Grimm will be lucky to keep her job. Trump’s declared open season on inspectors general. Within a week, he purged intel IG Michael Atkinson for forwarding a whistleblower complaint to Congress. And then Pentagon IG Glenn Fine, a 20-year veteran, the overseer of a $2.2 trillion relief fund. That was so obviously a way to clear the way for Trump to dip into the money, Gen. Jim Mattis emerged from seclusion to object.
Not even Walter Cronkite could stop Trump. How do you put “Quit blaming Obama. He left you with a pandemic guidebook and he couldn’t have developed a test for a virus that didn’t exist three years ago” in the form of a question? Or “stop with the hydroxychloroquine, you’re creating dangerous shortages before Dr. Fauci has proof patients won’t die from an unproven cure.”
Or “Jared, are you kidding? The Strategic National Stockpile is not yours to disperse to governors who express sufficient admiration for Ivanka’s daddy and hold open their beaches in homage.” Florida’s Ron DeSantis got 100 percent of his request; New Jersey a measly 5 percent.
It’s a minor piece of resistance, but former Vermont Gov. Howard Dean, an MSNBC contributor, isn’t going to appear until the channel stops carrying the briefings live. He’s not asking for executives to black out Trump, just to black out his lies and his attacks on the press.
There is so much at these shows, their ratings rising along with our death count, that shouldn’t be seen: Trump grazing shoulders with aides, not wiping the shared microphone, his outrage at the recommendation he wear a mask, as if he’d been asked to don a skirt. His wistful references to those who urged us to ride out this pandemic like cowboys. In that reminiscence, he’s the cowboy.
You can hear Trump giving previews of a special three-hour episode of the Trump Show built around the flattening of the curve for which he will take the credit. Promos are already running on Fox. He will ignore that what flattened the curve was what the experts said would flatten the curve. He’ll brazenly re-assert that the cure was worse than the problem, the country didn’t need to be shut down at the cost of his perfect economy, that he, who amazed the medical community with his knowledge, was right. It was no worse than the flu, after all.

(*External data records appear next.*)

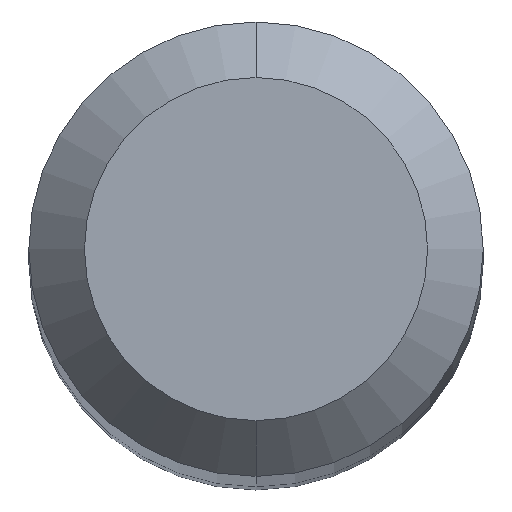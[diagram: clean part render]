
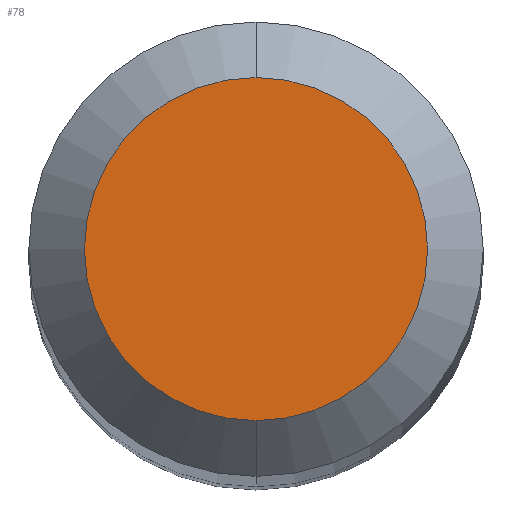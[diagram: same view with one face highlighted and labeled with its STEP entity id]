
A CAD part, top view. The second image highlights one B-rep face of the part: STEP entity #78.
In plain terms, the highlighted planar face has unit normal (0, 0, 1).
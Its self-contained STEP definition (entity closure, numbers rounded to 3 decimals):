
#19 = VERTEX_POINT ( 'NONE', #200 ) ;
#20 = AXIS2_PLACEMENT_3D ( 'NONE', #52, #79, #155 ) ;
#27 = CARTESIAN_POINT ( 'NONE',  ( 0., 0., 43. ) ) ;
#52 = CARTESIAN_POINT ( 'NONE',  ( 0., 0., 43. ) ) ;
#57 = DIRECTION ( 'NONE',  ( 0., 1., 0. ) ) ;
#59 = PLANE ( 'NONE',  #164 ) ;
#78 = ADVANCED_FACE ( 'NONE', ( #208 ), #59, .F. ) ;
#79 = DIRECTION ( 'NONE',  ( 0., 0., -1. ) ) ;
#95 = VERTEX_POINT ( 'NONE', #105 ) ;
#105 = CARTESIAN_POINT ( 'NONE',  ( 0., 0.925, 43. ) ) ;
#133 = EDGE_CURVE ( 'NONE', #95, #19, #162, .T. ) ;
#155 = DIRECTION ( 'NONE',  ( 0., 1., 0. ) ) ;
#162 = CIRCLE ( 'NONE', #20, 0.925 ) ;
#163 = AXIS2_PLACEMENT_3D ( 'NONE', #292, #166, #187 ) ;
#164 = AXIS2_PLACEMENT_3D ( 'NONE', #27, #183, #57 ) ;
#166 = DIRECTION ( 'NONE',  ( 0., 0., -1. ) ) ;
#171 = ORIENTED_EDGE ( 'NONE', *, *, #265, .F. ) ;
#183 = DIRECTION ( 'NONE',  ( 0., 0., -1. ) ) ;
#187 = DIRECTION ( 'NONE',  ( 0., 1., 0. ) ) ;
#198 = EDGE_LOOP ( 'NONE', ( #225, #171 ) ) ;
#200 = CARTESIAN_POINT ( 'NONE',  ( 0., -0.925, 43. ) ) ;
#208 = FACE_OUTER_BOUND ( 'NONE', #198, .T. ) ;
#225 = ORIENTED_EDGE ( 'NONE', *, *, #133, .F. ) ;
#265 = EDGE_CURVE ( 'NONE', #19, #95, #317, .T. ) ;
#292 = CARTESIAN_POINT ( 'NONE',  ( 0., 0., 43. ) ) ;
#317 = CIRCLE ( 'NONE', #163, 0.925 ) ;
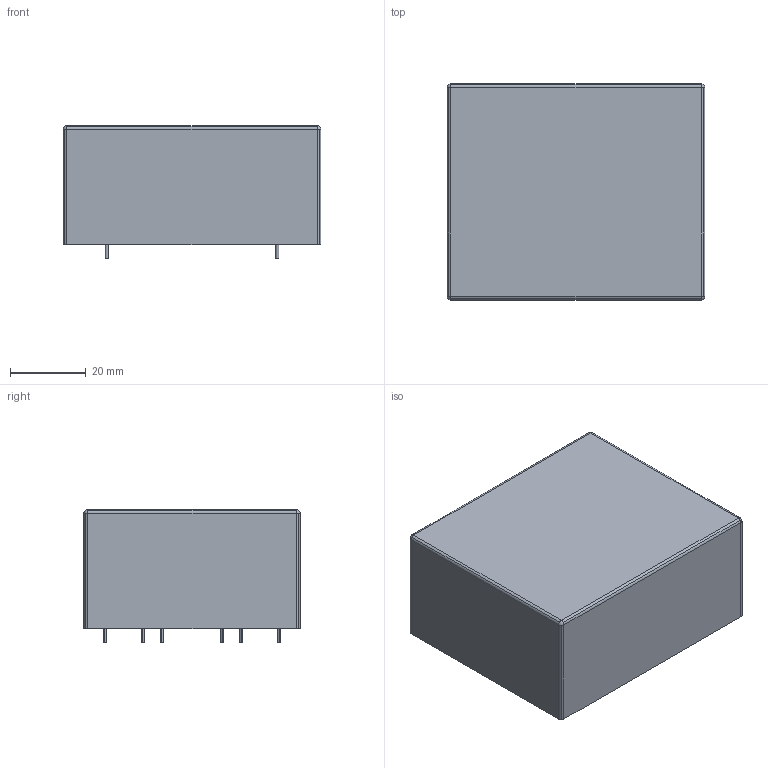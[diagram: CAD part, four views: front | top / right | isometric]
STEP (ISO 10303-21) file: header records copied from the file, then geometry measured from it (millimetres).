
FILE_DESCRIPTION((''),'2;1');
FILE_NAME('XFMR_BLOCK_FL24-18.stp','2009-12-18T10:19:13',(''),(''),'Mechanical Desktop 2006','Mechanical Desktop 2006',', , ');
FILE_SCHEMA(('AUTOMOTIVE_DESIGN { 1 2 10303 214 0 1 1 1 }'));
Length unit declared in the file: millimetre
Products named in the file (1): Product
Bounding box: 68 x 57 x 35 mm (x, y, z)
Volume: 115989.9 mm3; surface area: 23768.3 mm2
Topology: 10 solids, 10 shells, 105 faces, 232 edges, 148 vertices
Faces by surface type: plane 69, cylinder 32, sphere 4
Entity records: 2900 total; most frequent: DIRECTION 504, CARTESIAN_POINT 482, ORIENTED_EDGE 456, EDGE_CURVE 228, AXIS2_PLACEMENT_3D 170, VECTOR 164, LINE 164, VERTEX_POINT 148

If we’re lucky, someone will ask him if he’s going to reopen the country, or if that’s up to the governors, and he’ll tell the wise guy that the unappreciative governors can’t tell him what to do. Any mention of the governors tends to undo him, so he’ll lose his train of thought and get off on his Facebook ranking and retell the one about wanting “to come way under the model,” the double-entendre about casualty projections that didn’t get enough laughs the first time. An alarmed Dr. Fauci will go to the mike, take a disinfectant wipe to it for emphasis, and say the country will reopen before its time over his dead body. And ours.
Trump’s act is getting old. Although he lies better than most people tell the truth, the show should be canceled now that he’s lying about matters of life and death. The president can’t stop himself, but to show appropriate respect for the office he occupies, we have to.